Resend – Incident yarn for February twenty first, 2024

Resend – Incident yarn for February twenty first, 2024

Summary (TL;DR)

On February twenty first, 2024, Resend skilled an outage that affected all customers because of a database migration that went obnoxious. This averted customers from using the API (along with sending emails) and gaining access to the dashboard from 05:01 to 17:05 UTC (about 12 hours).

The database migration by likelihood deleted recordsdata from production servers. We straight away started the restoration task from a backup, which done 6 hours later. Unfortunately, as soon because it done, we learned that it didn’t revive the records, so we had to birth the restoration task a second time with a various backup.

All the blueprint through this time, no API requests had been being licensed and no recordsdata being stored. For recordsdata created sooner than the migration, there used to be 5 minute of recordsdata loss from when the migration started and the database went offline from 04:50:00 to 04:56:27 UTC. We are at level to working on re-populating the records from this 5-minute window.
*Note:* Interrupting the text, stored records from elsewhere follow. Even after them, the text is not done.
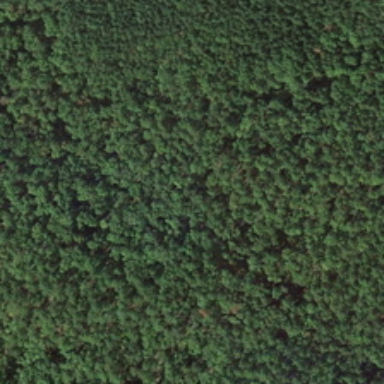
Many green trees form a piece of forest .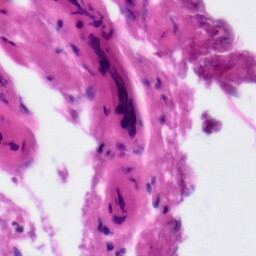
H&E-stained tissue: Tonsil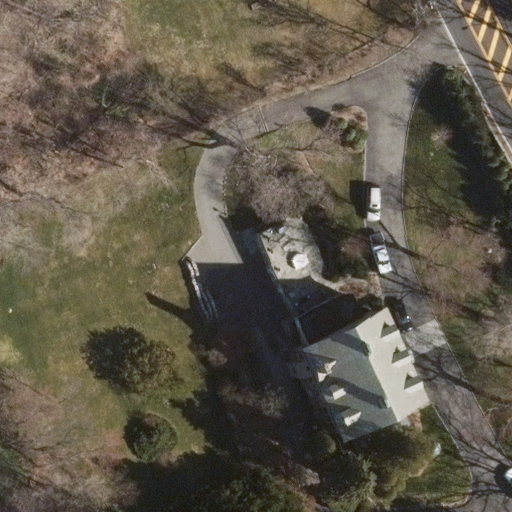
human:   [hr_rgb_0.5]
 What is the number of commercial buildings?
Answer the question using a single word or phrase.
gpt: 0

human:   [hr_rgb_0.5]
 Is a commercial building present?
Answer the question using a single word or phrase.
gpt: no

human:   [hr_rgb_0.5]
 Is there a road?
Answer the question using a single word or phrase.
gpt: yes

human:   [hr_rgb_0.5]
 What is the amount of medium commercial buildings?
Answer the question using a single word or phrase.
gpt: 0

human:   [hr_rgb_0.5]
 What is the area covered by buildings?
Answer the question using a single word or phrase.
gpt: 638m2

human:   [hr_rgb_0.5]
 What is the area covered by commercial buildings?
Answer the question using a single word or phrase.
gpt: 0m2

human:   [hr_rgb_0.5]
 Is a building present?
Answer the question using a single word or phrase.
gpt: yes

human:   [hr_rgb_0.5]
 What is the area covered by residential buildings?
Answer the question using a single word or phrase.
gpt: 638m2

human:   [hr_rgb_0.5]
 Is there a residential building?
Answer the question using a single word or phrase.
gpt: yes

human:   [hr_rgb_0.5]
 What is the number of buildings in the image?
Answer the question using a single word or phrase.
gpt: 1

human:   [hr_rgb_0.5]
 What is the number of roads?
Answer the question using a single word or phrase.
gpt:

We sincerely categorical regret for the influence and pains brought about by this outage. We pickle immense significance on reliability, but this week, we fell attempting our dedication to you all. It is apparent that we gain a prolonged blueprint to head in changing into an industry-main infrastructure provider, but in learning from this incident, we are able to give a boost to our operations and tooling to relief a ways flung from outages like this in due route, whatever the rationale.

Timeline

All times are in Coordinated Universal Time (UTC)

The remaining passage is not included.